Adenosine triphosphate (ATP) is a high-energy molecule present in living cells. It is a nucleoside triphosphate that provides energy within cells for metabolism and is used in several cellular processes including the synthesis of key biomolecules.
ATP is typically present in cells at a concentration of 1-10mM – it is continuously recycled in organisms to ensure there is a constant energy supply for cellular processes.
ATP can be synthesized by redox reactions that use simple and complex lipids or carbohydrates as the source of energy. Complex energy sources need to be digested into simpler molecules before being used in ATP synthesis. Complex carbohydrates are usually hydrolyzed into glucose and fructose, while triglycerides are metabolized to form glycerol and fatty acids.
The biosynthesis of ATP by oxidative phosphorylation and photophosphorylation is the fundamental pathway for energy production in animals, plants, and microbes. Eukaryotic ATP production usually takes place in the mitochondria of the cell.
Important pathways by which eukaryotes generate energy are glycolysis, the citric acid cycle (or the Kreb’s cycle), and the electron transport chain (or the oxidative phosphorylation pathway).
Together these 3 stages are referred to as cellular respiration. In human beings, cellular respiration converts adenosine diphosphate (ADP) to ATP and thus releases energy from molecules that are rich in energy.
Glycolysis involves the metabolization of glucose and glycerol to form pyruvate.

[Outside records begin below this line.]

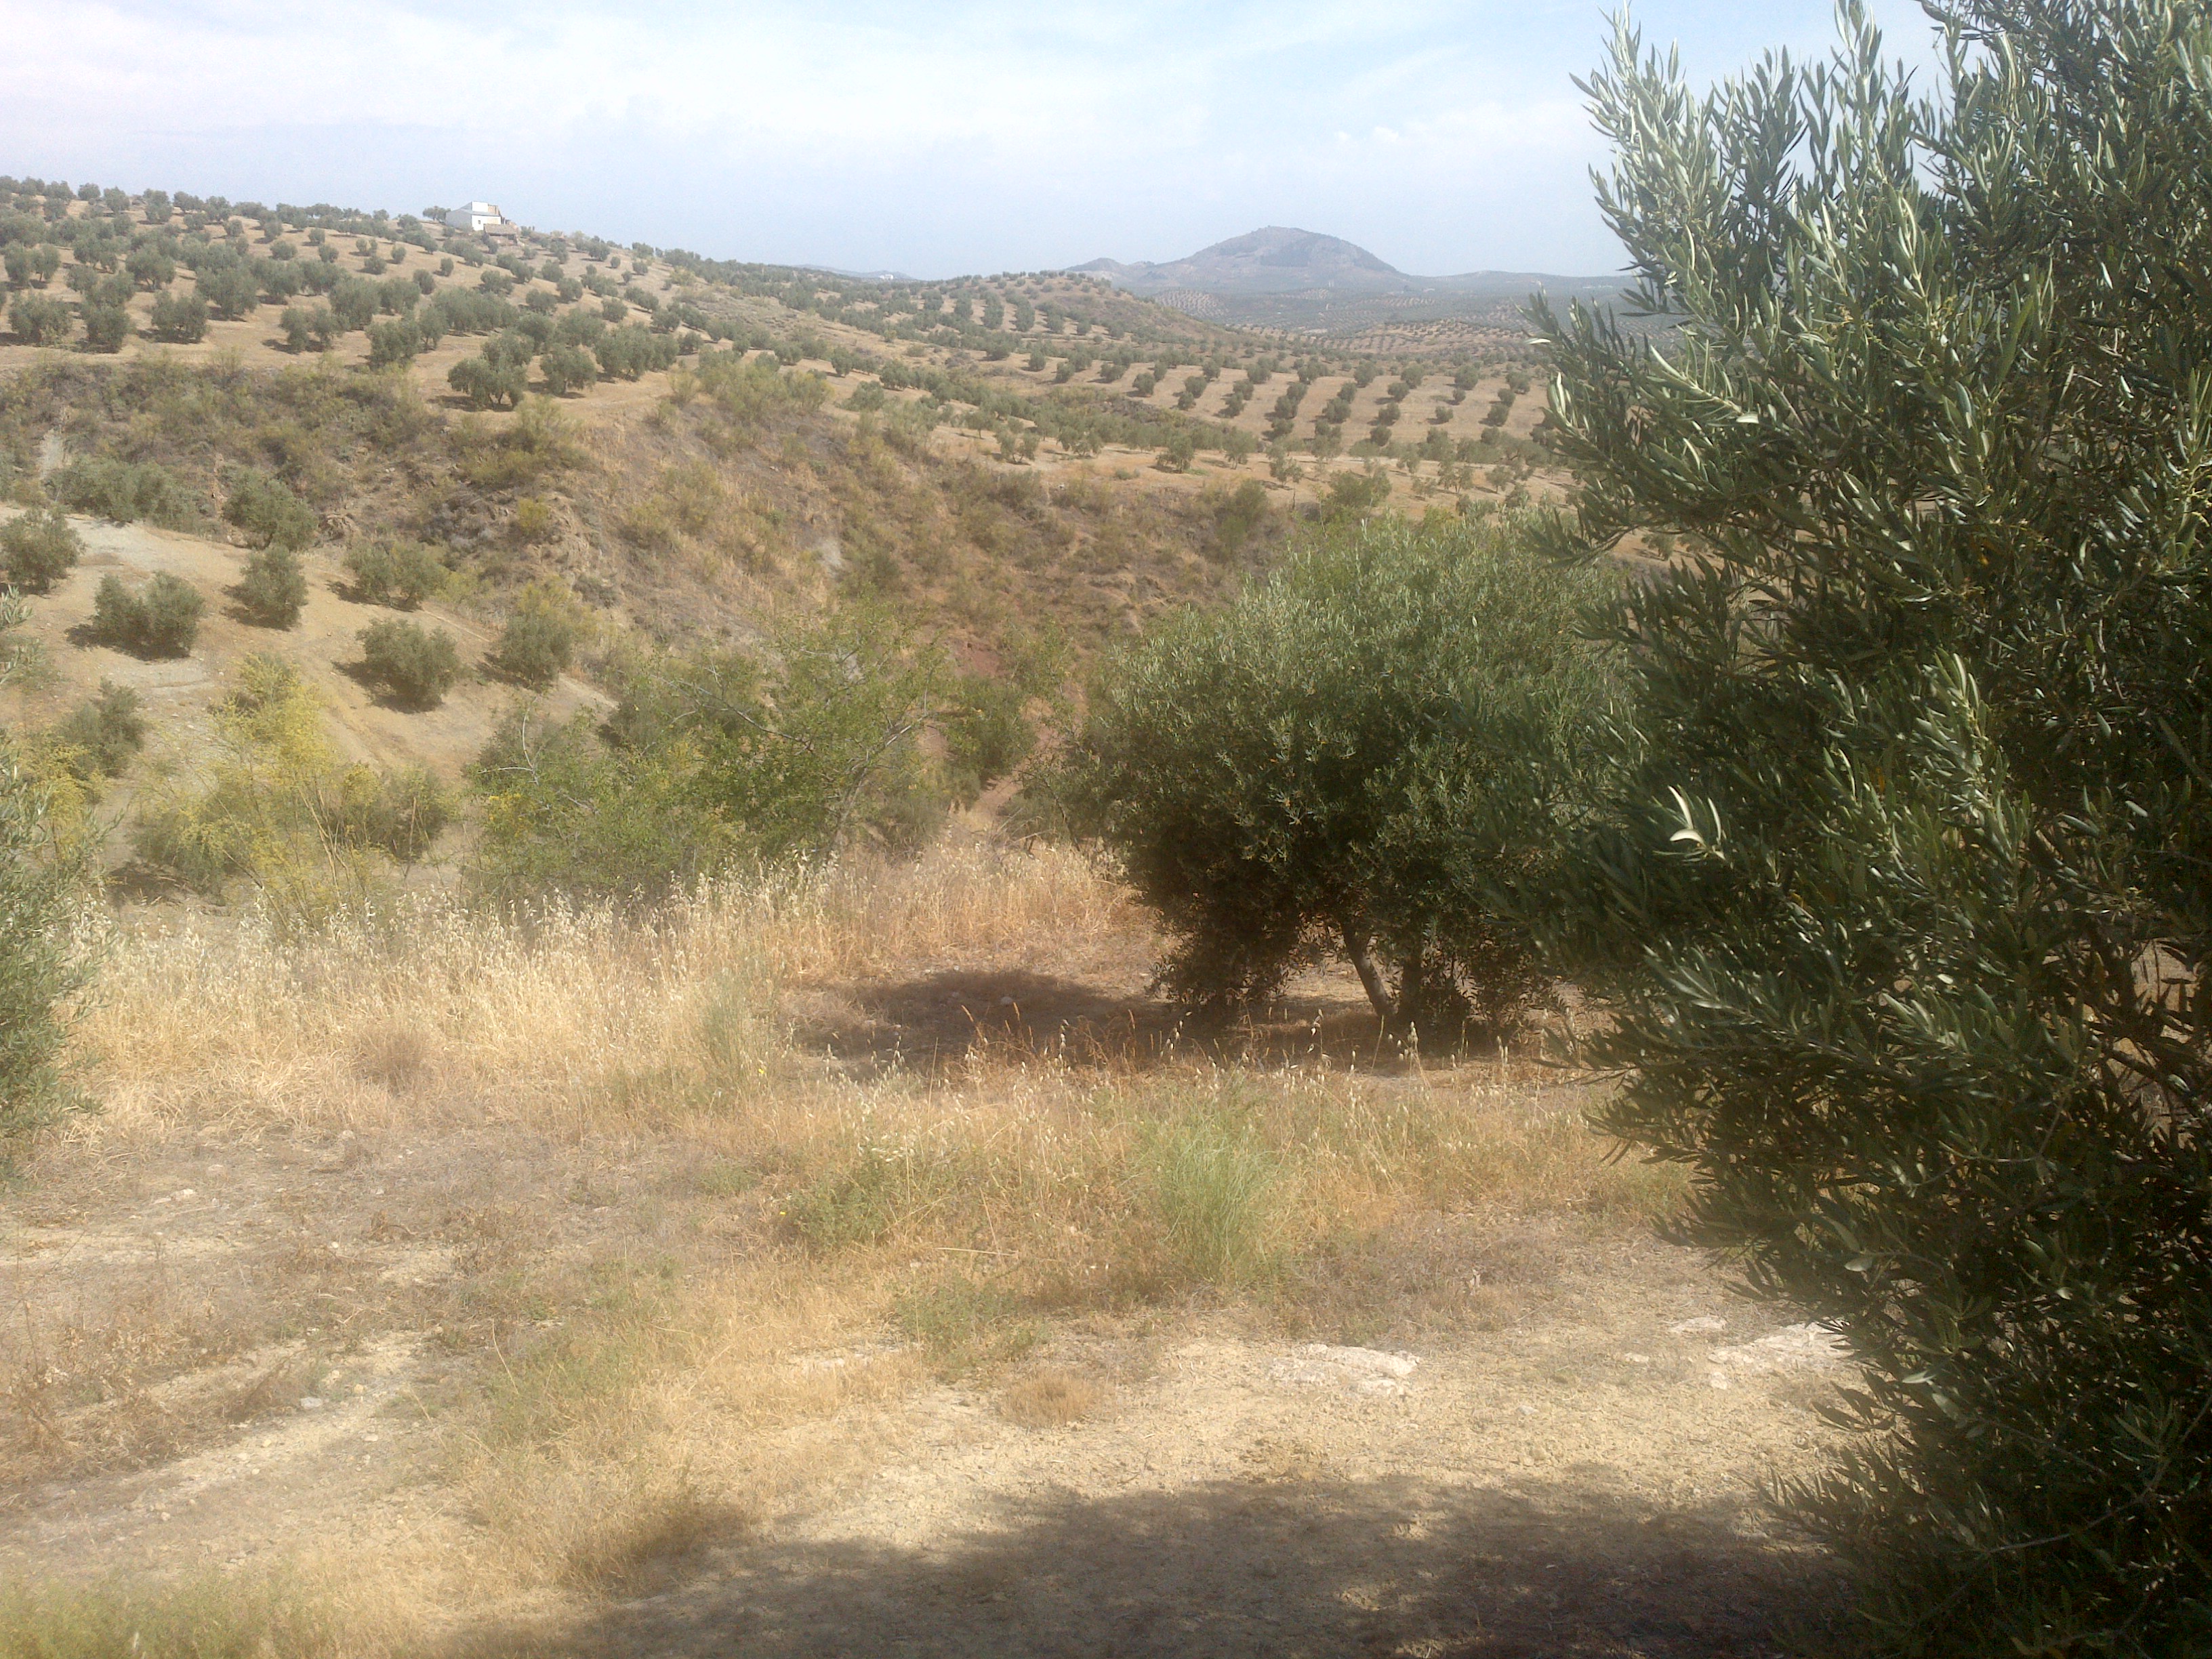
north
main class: Cropland
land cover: Olive groves
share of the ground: 10 - 25 %
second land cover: Spontaneously vegetated surfaces
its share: 50 - 75 %
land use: Agriculture (excluding fallow land and kitchen gardens)
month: May
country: ES
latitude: 37.5168
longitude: -4.1087
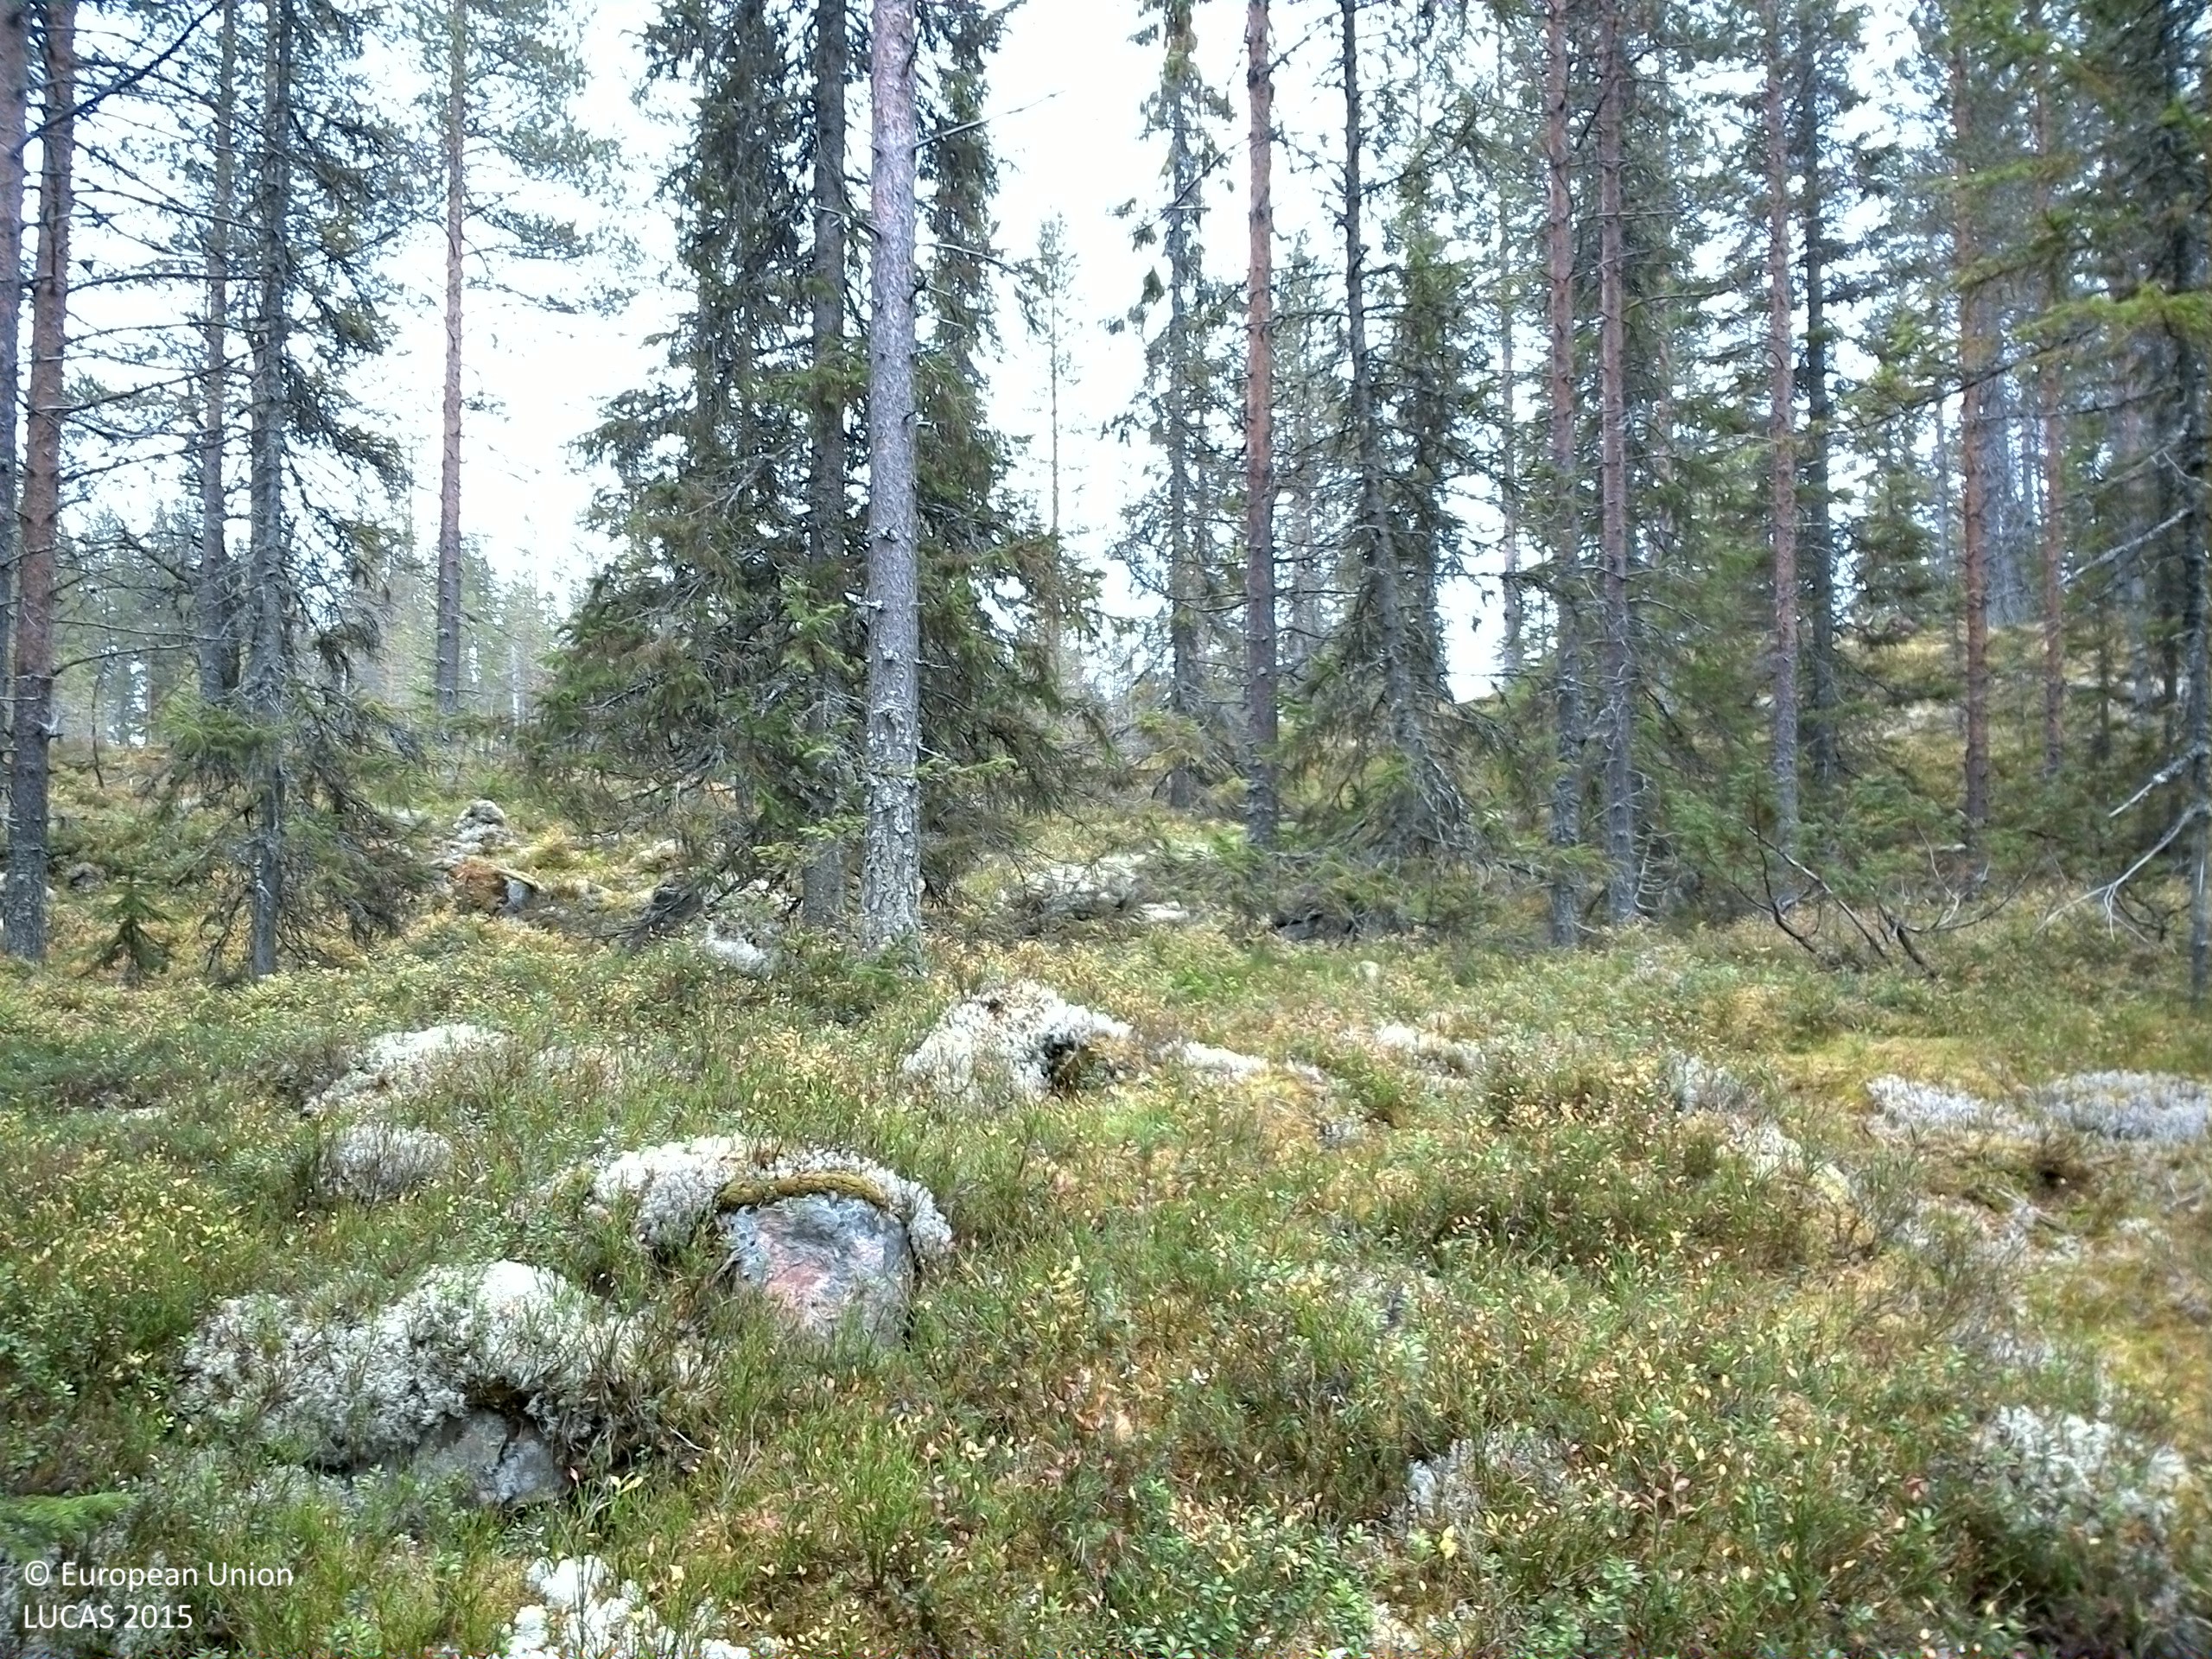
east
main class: Woodland
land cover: Spruce dominated coniferous woodland
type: boreal forest
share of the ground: 25 - 50 %
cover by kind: coniferous forest trees 45 %, shrubs 30 %, lichens and mosses 15 %, consolidated bare surface 10 %
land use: Forestry
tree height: > 5 m
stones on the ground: 10 - 25 %
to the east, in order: Spruce dominated coniferous woodland; Pine dominated coniferous woodland
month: October
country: SE
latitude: 61.5370
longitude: 14.4053

These reactions take place in the cytoplasm in most organisms and release a net amount of 2 ATPs. Here glucose is converted to pyruvate via phosphorylation with the help of 2 key enzymes - phosphoglycerate kinase and pyruvate kinase.
The overall reaction can be represented as below:
Glucose + 2 NAD+ + 2 ADP + 2 Pi à 2 Pyruvate + 2 NADH + 2 H+ + 2 ATP + 2 H2O
Thus each molecule of glucose undergoes glycolysis to give 2 pyruvates. Two reduced nicotinamide adenine dinucleotide (NADH) molecules and 2 water (H2O) molecules are also produced as a result of glycolysis. The NADH molecules are oxidized in the electron transport chain to produce ATP and the pyruvate produced is used a substrate for the Kreb’s cycle.
The Kreb’s cycle is also known as the tricarboxylic acid (TCA) cycle and occurs in the mitochondria. It involves a series of reactions by which pyruvate is degraded into CO2, ATP, water, and electrons.
Pyruvate produced by glycolysis in the cytoplasm gets converted to acetyl-Coenzyme A (acetyl-CoA) in the mitochondria. The acetyl-CoA is converted into citrate which then undergoes a series of series of redox, hydration, dehydration, and decarboxylation reactions to form isocitrate, alpha-ketogluterate, succynl-CoA, fumerate, and malate.
These reactions are catalyzed by several key enzymes in the pathway such as citrate synthase, aconitase, isocitrate dehydrogenase, and malate dehydrogenase. Overall, the Kreb’s cycle yields 2 ATP molecules, 6 NADH molecules, and 2 reduced flavin adenine dinucleotide (FADH2) molecules.
Acetyl-CoA derived from the metabolism of carbohydrates, fats, and proteins in cells is all used in the Kreb’s cycle to generate energy. Therefore, this is an important metabolic pathway that unites carbohydrate, fat, and protein metabolism in living organisms.
NADH and FADH2 molecules generated as byproducts of the citric acid cycle are fed into the electron transport chain where they are oxidized to produce ATP with the help of the enzyme ATP synthase. This enzyme is present in the mitochondria and catalyzes the production of ATP by combining ADP and inorganic phosphate.
ATP synthase is often referred to as a complex molecular machine which has central rotor that moves at a speed of 150 rotations/s during ATP synthesis.
In total, each glucose molecule undergoing cellular respiration produces 38 ATP molecules – 2 ATPs from glycolysis, 2 ATPs from the Kreb’s cycle, and 34 ATPs from the electron transport chain.